> **WORK TASK**
Exactly the lines from the one with "(00:00:18.200)" through the final line of the entries, and nothing else, should appear in the answer; no pictures go in it.

=======

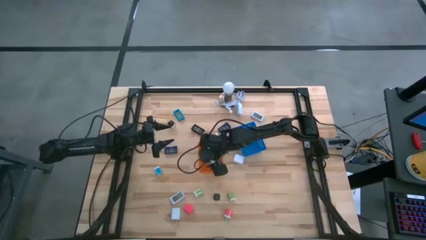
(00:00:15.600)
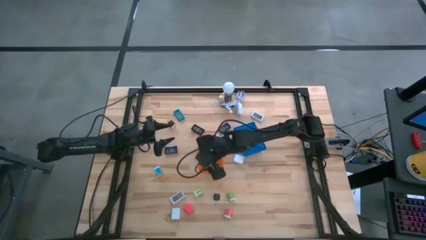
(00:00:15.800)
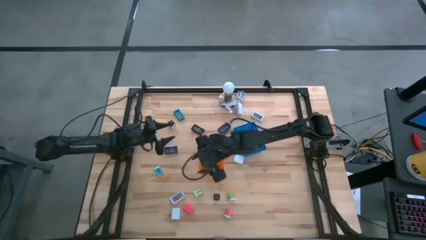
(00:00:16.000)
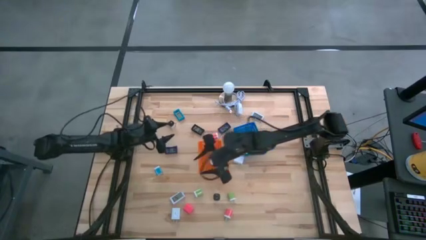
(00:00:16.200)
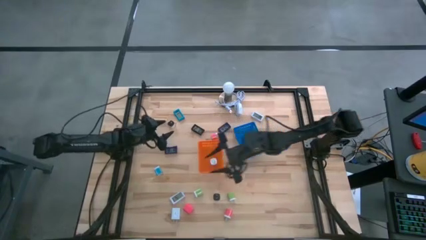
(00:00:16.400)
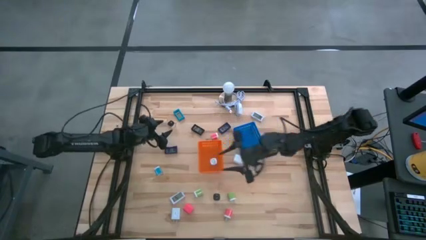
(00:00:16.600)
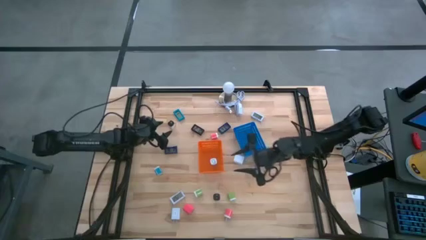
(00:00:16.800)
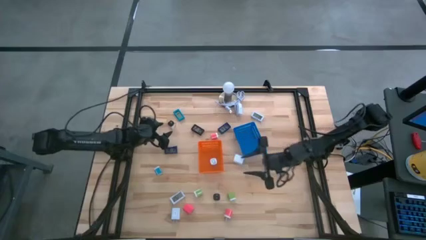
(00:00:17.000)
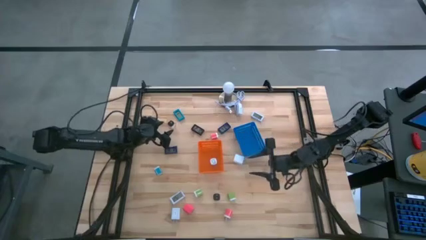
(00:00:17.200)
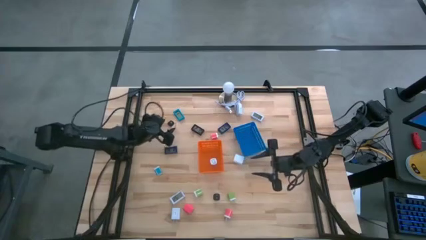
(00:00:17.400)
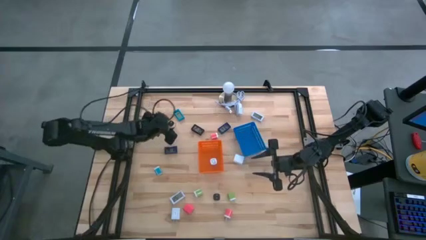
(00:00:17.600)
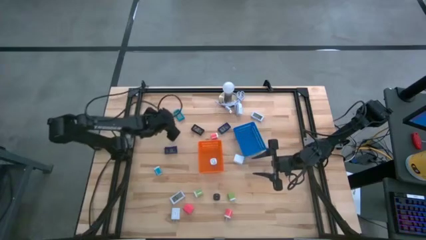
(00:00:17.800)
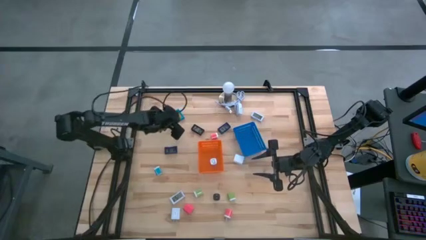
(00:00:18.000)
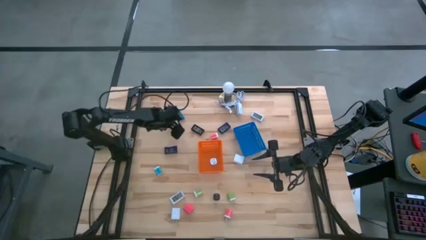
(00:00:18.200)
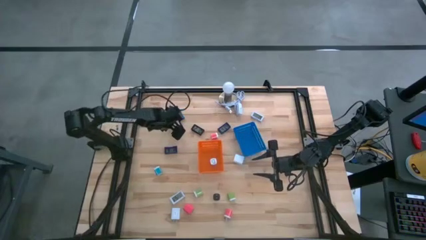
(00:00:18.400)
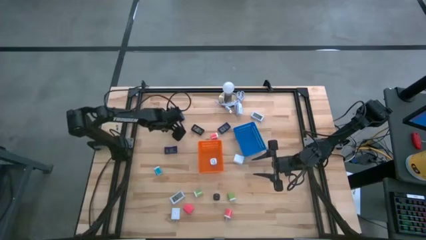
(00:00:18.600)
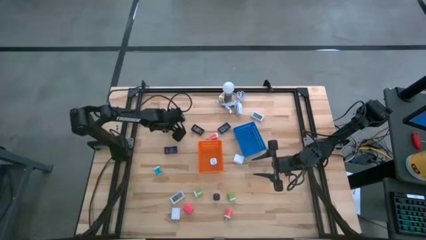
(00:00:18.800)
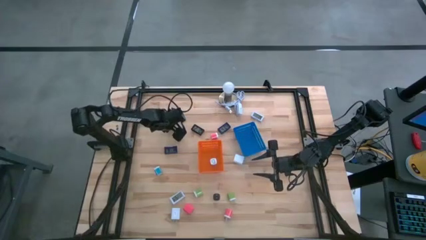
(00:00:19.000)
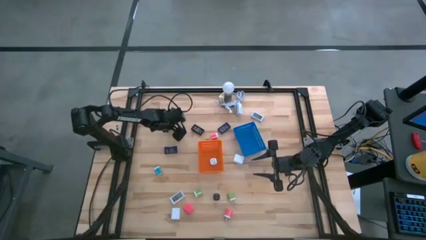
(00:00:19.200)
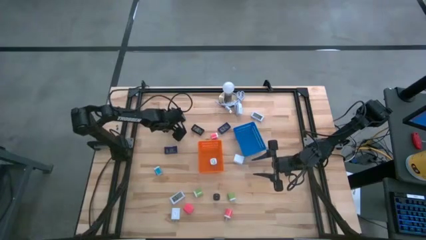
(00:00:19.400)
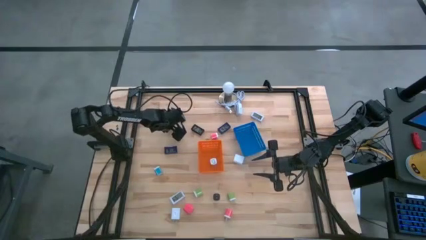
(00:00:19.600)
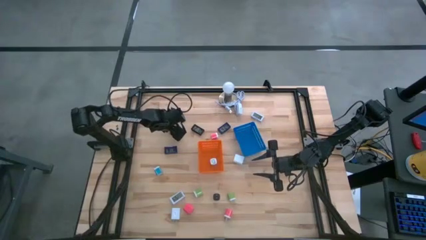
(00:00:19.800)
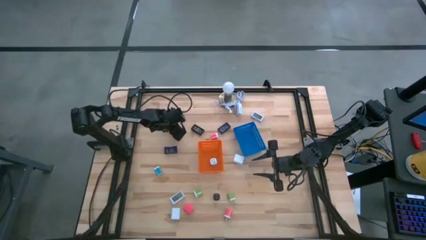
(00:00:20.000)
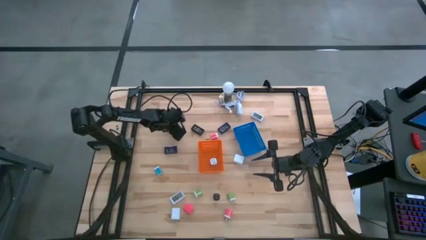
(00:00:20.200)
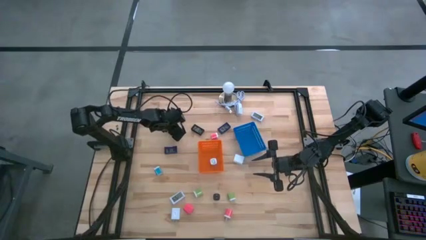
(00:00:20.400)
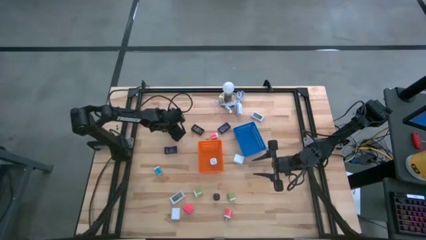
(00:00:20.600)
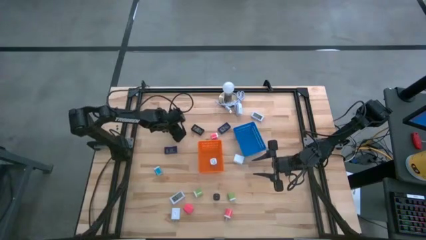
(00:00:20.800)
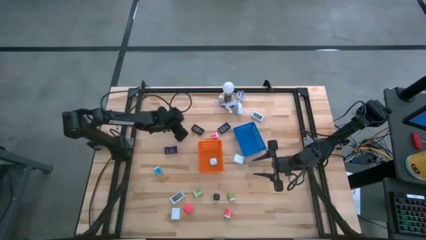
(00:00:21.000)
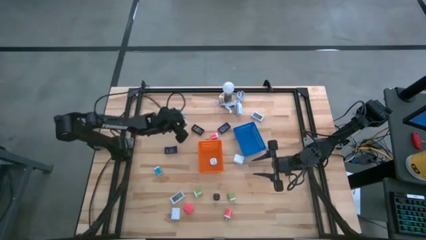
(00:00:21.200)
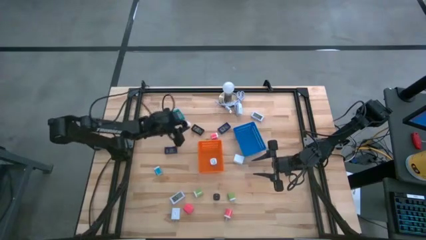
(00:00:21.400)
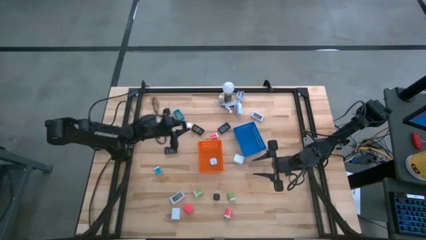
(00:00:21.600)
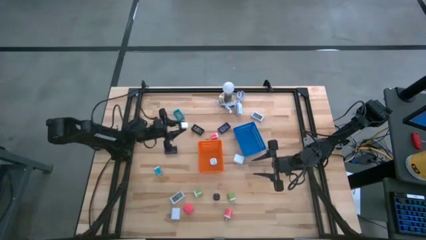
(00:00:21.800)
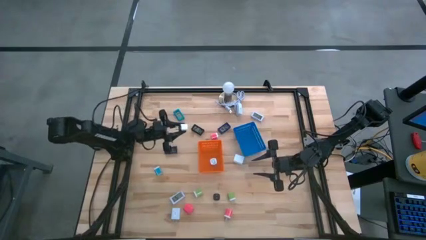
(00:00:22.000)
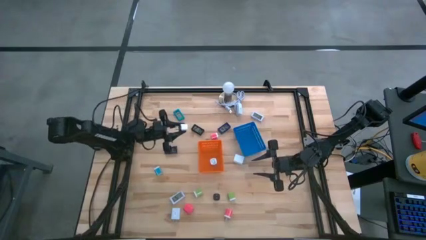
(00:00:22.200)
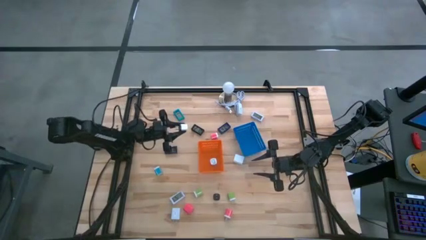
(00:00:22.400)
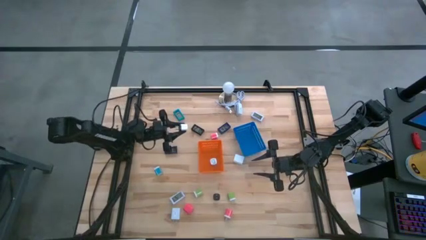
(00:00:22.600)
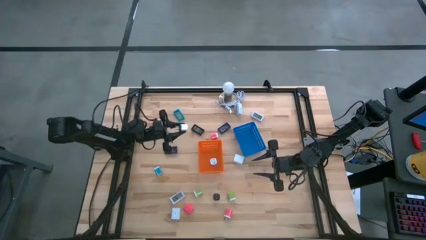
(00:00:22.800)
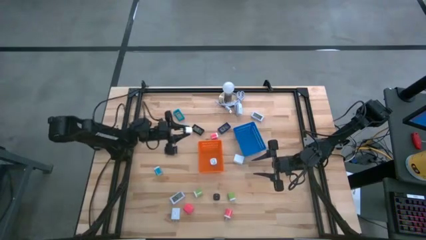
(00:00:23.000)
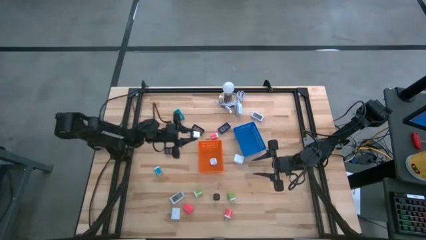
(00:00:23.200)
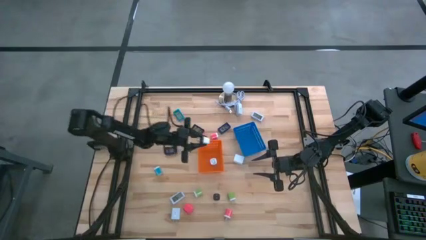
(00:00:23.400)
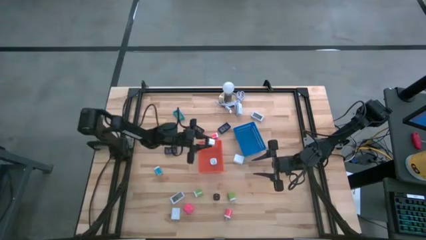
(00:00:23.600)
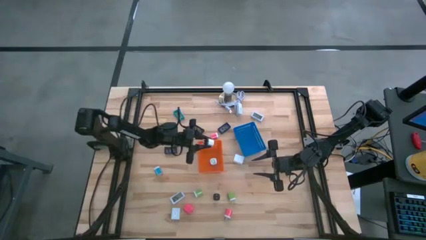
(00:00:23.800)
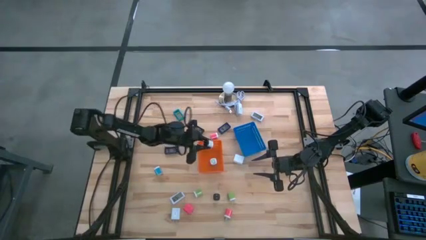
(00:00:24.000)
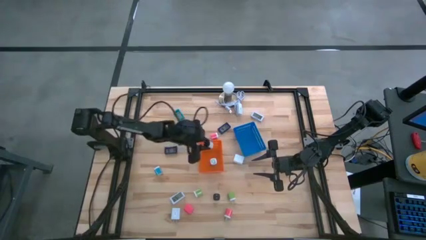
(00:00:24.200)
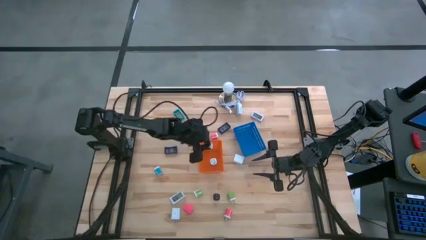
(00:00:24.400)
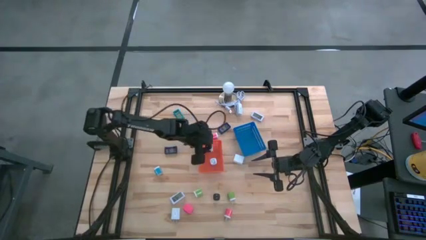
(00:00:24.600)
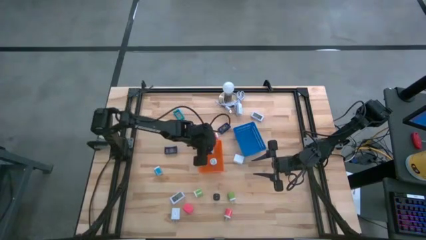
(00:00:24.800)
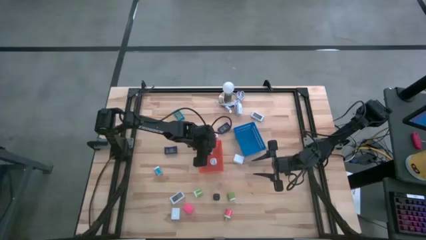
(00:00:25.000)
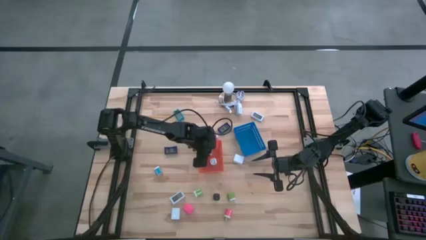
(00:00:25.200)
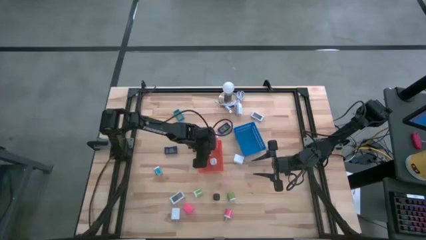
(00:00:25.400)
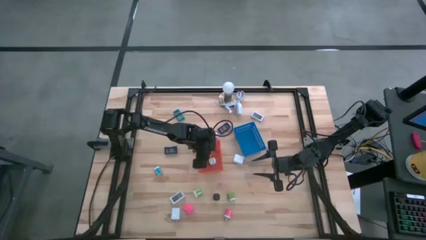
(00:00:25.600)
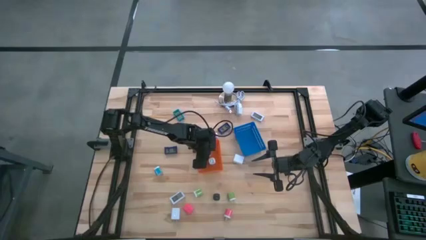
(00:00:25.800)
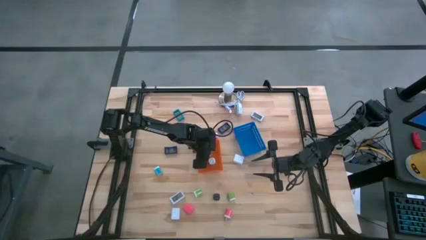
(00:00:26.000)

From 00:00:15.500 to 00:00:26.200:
Task: Pick & Place Office items
Put the top black charger adapter into the orange bin

=======

> **FINISHED TASK**
(00:00:18.200)
(00:00:18.400)
(00:00:18.600)
(00:00:18.800)
(00:00:19.000)
(00:00:19.200)
(00:00:19.400)
(00:00:19.600)
(00:00:19.800)
(00:00:20.000)
(00:00:20.200)
(00:00:20.400)
(00:00:20.600)
(00:00:20.800)
(00:00:21.000)
(00:00:21.200)
(00:00:21.400)
(00:00:21.600)
(00:00:21.800)
(00:00:22.000)
(00:00:22.200)
(00:00:22.400)
(00:00:22.600)
(00:00:22.800)
(00:00:23.000)
(00:00:23.200)
(00:00:23.400)
(00:00:23.600)
(00:00:23.800)
(00:00:24.000)
(00:00:24.200)
(00:00:24.400)
(00:00:24.600)
(00:00:24.800)
(00:00:25.000)
(00:00:25.200)
(00:00:25.400)
(00:00:25.600)
(00:00:25.800)
(00:00:26.000)

From 00:00:15.500 to 00:00:26.200:
Task: Pick & Place Office items
Put the top black charger adapter into the orange bin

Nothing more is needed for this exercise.